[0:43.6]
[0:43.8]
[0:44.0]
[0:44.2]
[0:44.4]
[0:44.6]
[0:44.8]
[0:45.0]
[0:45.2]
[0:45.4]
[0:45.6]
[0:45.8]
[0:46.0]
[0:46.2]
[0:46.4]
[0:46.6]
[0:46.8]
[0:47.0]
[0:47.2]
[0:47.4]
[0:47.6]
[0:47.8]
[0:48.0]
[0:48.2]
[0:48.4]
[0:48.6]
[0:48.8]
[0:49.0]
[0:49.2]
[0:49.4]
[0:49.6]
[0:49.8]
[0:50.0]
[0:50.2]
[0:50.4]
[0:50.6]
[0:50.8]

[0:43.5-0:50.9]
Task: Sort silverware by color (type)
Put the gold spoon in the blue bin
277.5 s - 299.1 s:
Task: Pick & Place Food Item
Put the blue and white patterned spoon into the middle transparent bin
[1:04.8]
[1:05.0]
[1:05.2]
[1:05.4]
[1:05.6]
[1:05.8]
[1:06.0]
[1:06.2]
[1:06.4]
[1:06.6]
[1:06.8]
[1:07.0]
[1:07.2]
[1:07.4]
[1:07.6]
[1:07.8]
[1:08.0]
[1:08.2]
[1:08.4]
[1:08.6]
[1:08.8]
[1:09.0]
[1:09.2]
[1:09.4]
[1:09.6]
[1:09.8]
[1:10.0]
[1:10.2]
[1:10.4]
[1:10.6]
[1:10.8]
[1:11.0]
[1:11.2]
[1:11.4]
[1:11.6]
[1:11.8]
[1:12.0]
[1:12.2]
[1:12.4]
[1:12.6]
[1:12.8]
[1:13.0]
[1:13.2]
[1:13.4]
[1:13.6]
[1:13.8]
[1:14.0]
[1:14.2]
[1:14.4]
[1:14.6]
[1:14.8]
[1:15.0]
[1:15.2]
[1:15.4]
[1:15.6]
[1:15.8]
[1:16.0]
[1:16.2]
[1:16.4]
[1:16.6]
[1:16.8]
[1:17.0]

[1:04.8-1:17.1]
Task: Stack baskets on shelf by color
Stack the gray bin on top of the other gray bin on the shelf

= = = = = = =

- [YOUR TASK]
Return all of the entries word for word.

- [TASK RESULT]
[0:43.6]
[0:43.8]
[0:44.0]
[0:44.2]
[0:44.4]
[0:44.6]
[0:44.8]
[0:45.0]
[0:45.2]
[0:45.4]
[0:45.6]
[0:45.8]
[0:46.0]
[0:46.2]
[0:46.4]
[0:46.6]
[0:46.8]
[0:47.0]
[0:47.2]
[0:47.4]
[0:47.6]
[0:47.8]
[0:48.0]
[0:48.2]
[0:48.4]
[0:48.6]
[0:48.8]
[0:49.0]
[0:49.2]
[0:49.4]
[0:49.6]
[0:49.8]
[0:50.0]
[0:50.2]
[0:50.4]
[0:50.6]
[0:50.8]

[0:43.5-0:50.9]
Task: Sort silverware by color (type)
Put the gold spoon in the blue bin
277.5 s - 299.1 s:
Task: Pick & Place Food Item
Put the blue and white patterned spoon into the middle transparent bin
[1:04.8]
[1:05.0]
[1:05.2]
[1:05.4]
[1:05.6]
[1:05.8]
[1:06.0]
[1:06.2]
[1:06.4]
[1:06.6]
[1:06.8]
[1:07.0]
[1:07.2]
[1:07.4]
[1:07.6]
[1:07.8]
[1:08.0]
[1:08.2]
[1:08.4]
[1:08.6]
[1:08.8]
[1:09.0]
[1:09.2]
[1:09.4]
[1:09.6]
[1:09.8]
[1:10.0]
[1:10.2]
[1:10.4]
[1:10.6]
[1:10.8]
[1:11.0]
[1:11.2]
[1:11.4]
[1:11.6]
[1:11.8]
[1:12.0]
[1:12.2]
[1:12.4]
[1:12.6]
[1:12.8]
[1:13.0]
[1:13.2]
[1:13.4]
[1:13.6]
[1:13.8]
[1:14.0]
[1:14.2]
[1:14.4]
[1:14.6]
[1:14.8]
[1:15.0]
[1:15.2]
[1:15.4]
[1:15.6]
[1:15.8]
[1:16.0]
[1:16.2]
[1:16.4]
[1:16.6]
[1:16.8]
[1:17.0]

[1:04.8-1:17.1]
Task: Stack baskets on shelf by color
Stack the gray bin on top of the other gray bin on the shelf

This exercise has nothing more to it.